Could you return all of the records exactly as they stand?

· · · · · · ·

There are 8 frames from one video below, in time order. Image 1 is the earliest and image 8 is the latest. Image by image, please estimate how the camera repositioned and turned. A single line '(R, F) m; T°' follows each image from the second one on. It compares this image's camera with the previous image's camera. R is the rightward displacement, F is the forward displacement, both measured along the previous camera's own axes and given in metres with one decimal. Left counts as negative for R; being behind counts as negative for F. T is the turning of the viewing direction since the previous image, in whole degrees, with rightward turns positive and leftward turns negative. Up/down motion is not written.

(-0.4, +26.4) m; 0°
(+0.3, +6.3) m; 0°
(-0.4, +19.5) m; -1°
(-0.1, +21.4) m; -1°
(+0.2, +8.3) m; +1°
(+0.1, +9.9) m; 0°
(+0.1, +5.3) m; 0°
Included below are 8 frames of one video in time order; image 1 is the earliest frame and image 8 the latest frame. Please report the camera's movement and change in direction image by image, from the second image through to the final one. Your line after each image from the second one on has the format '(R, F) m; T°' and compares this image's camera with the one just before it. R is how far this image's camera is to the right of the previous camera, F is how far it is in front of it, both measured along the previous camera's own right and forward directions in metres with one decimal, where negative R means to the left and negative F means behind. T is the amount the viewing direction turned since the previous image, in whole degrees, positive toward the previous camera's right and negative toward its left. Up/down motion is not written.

· · · · · · ·

#### Solution to this task:
There are 8 frames from one video below, in time order. Image 1 is the earliest and image 8 is the latest. Image by image, please estimate how the camera repositioned and turned. A single line '(R, F) m; T°' follows each image from the second one on. It compares this image's camera with the previous image's camera. R is the rightward displacement, F is the forward displacement, both measured along the previous camera's own axes and given in metres with one decimal. Left counts as negative for R; being behind counts as negative for F. T is the turning of the viewing direction since the previous image, in whole degrees, with rightward turns positive and leftward turns negative. Up/down motion is not written.

(-0.4, +26.4) m; 0°
(+0.3, +6.3) m; 0°
(-0.4, +19.5) m; -1°
(-0.1, +21.4) m; -1°
(+0.2, +8.3) m; +1°
(+0.1, +9.9) m; 0°
(+0.1, +5.3) m; 0°
Included below are 8 frames of one video in time order; image 1 is the earliest frame and image 8 the latest frame. Please report the camera's movement and change in direction image by image, from the second image through to the final one. Your line after each image from the second one on has the format '(R, F) m; T°' and compares this image's camera with the one just before it. R is how far this image's camera is to the right of the previous camera, F is how far it is in front of it, both measured along the previous camera's own right and forward directions in metres with one decimal, where negative R means to the left and negative F means behind. T is the amount the viewing direction turned since the previous image, in whole degrees, positive toward the previous camera's right and negative toward its left. Up/down motion is not written.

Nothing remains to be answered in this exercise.